### Problem to solve
Leave out the pictures and restate the rest of the data exactly.

(Stored entries)
§ §
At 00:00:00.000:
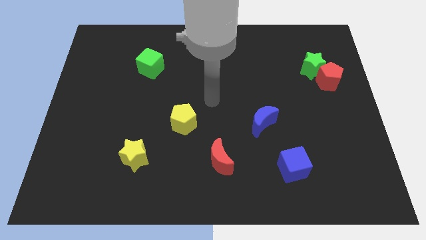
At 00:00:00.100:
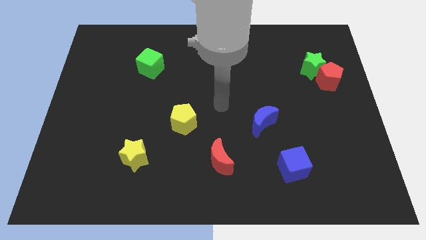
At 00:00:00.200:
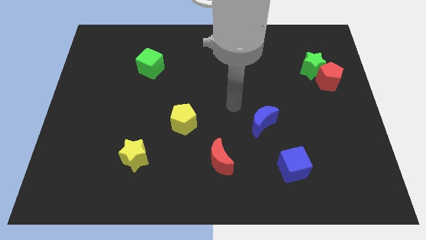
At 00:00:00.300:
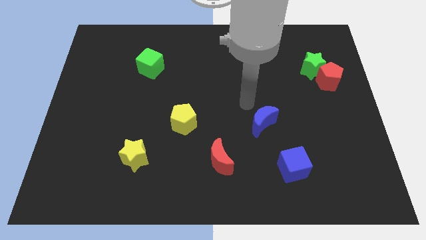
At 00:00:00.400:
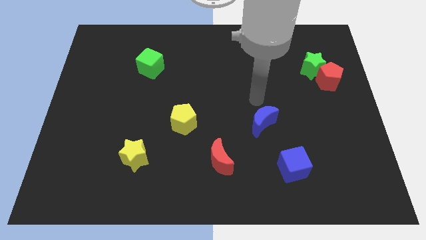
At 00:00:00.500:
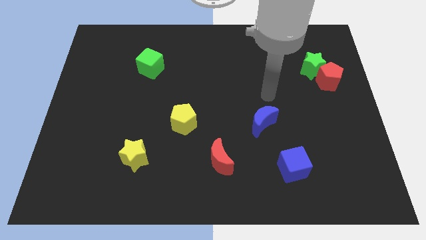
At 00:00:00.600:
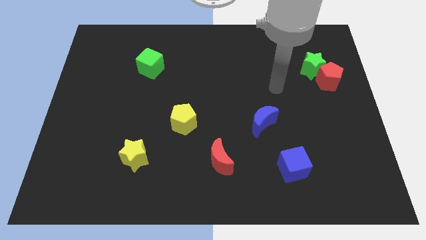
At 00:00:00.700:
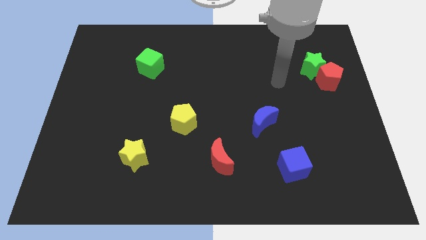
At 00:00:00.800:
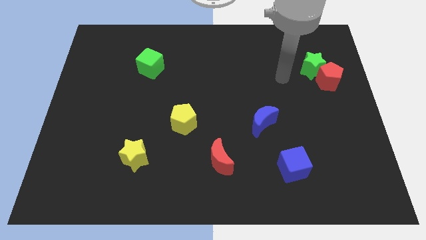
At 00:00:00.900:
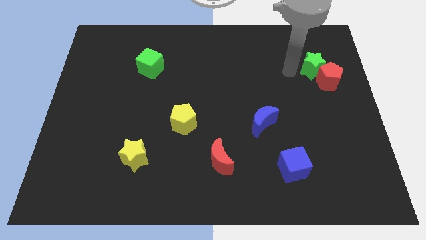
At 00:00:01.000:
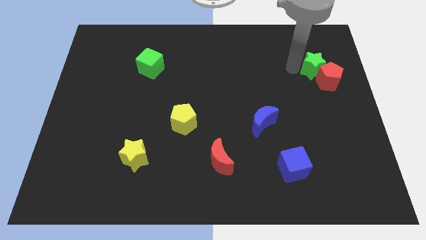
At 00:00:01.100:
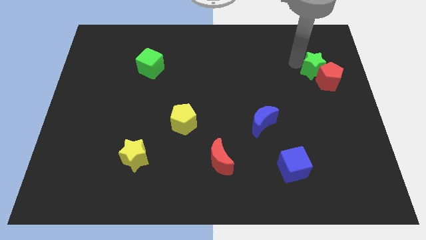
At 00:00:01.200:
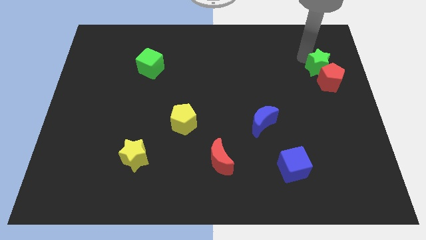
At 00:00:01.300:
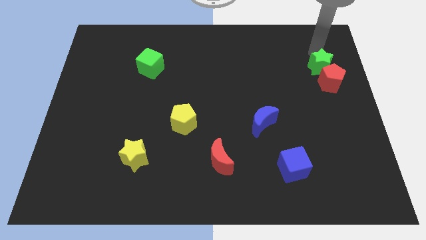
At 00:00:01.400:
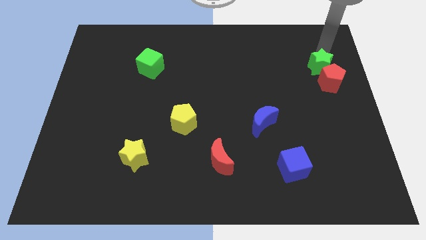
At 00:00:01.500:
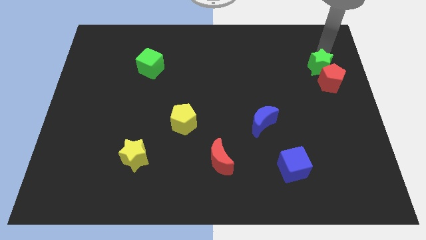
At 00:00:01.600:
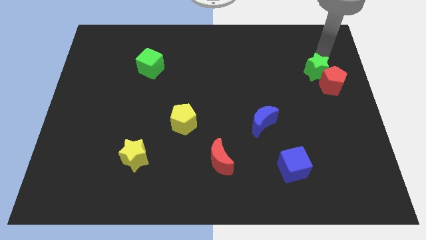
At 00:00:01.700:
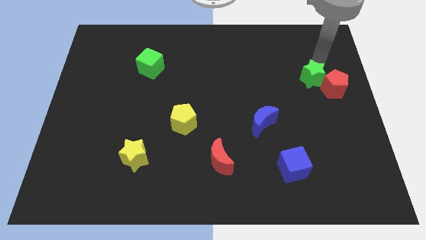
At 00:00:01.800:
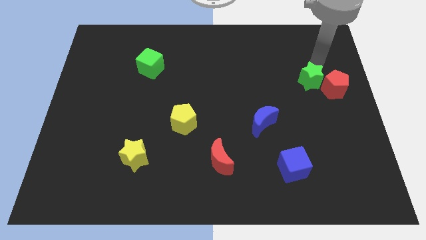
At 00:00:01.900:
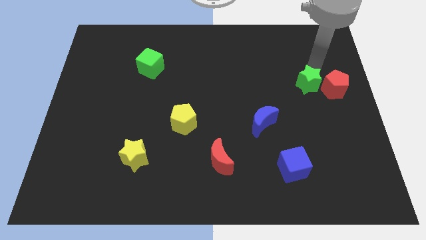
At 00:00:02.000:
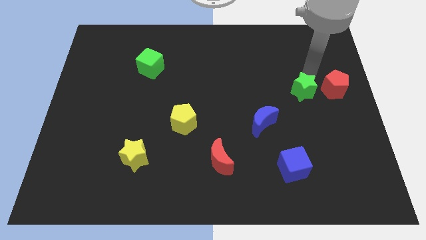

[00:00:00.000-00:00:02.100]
move the green star down somewhat
§ §
### The completed task
At 00:00:00.000:
At 00:00:00.100:
At 00:00:00.200:
At 00:00:00.300:
At 00:00:00.400:
At 00:00:00.500:
At 00:00:00.600:
At 00:00:00.700:
At 00:00:00.800:
At 00:00:00.900:
At 00:00:01.000:
At 00:00:01.100:
At 00:00:01.200:
At 00:00:01.300:
At 00:00:01.400:
At 00:00:01.500:
At 00:00:01.600:
At 00:00:01.700:
At 00:00:01.800:
At 00:00:01.900:
At 00:00:02.000:

[00:00:00.000-00:00:02.100]
move the green star down somewhat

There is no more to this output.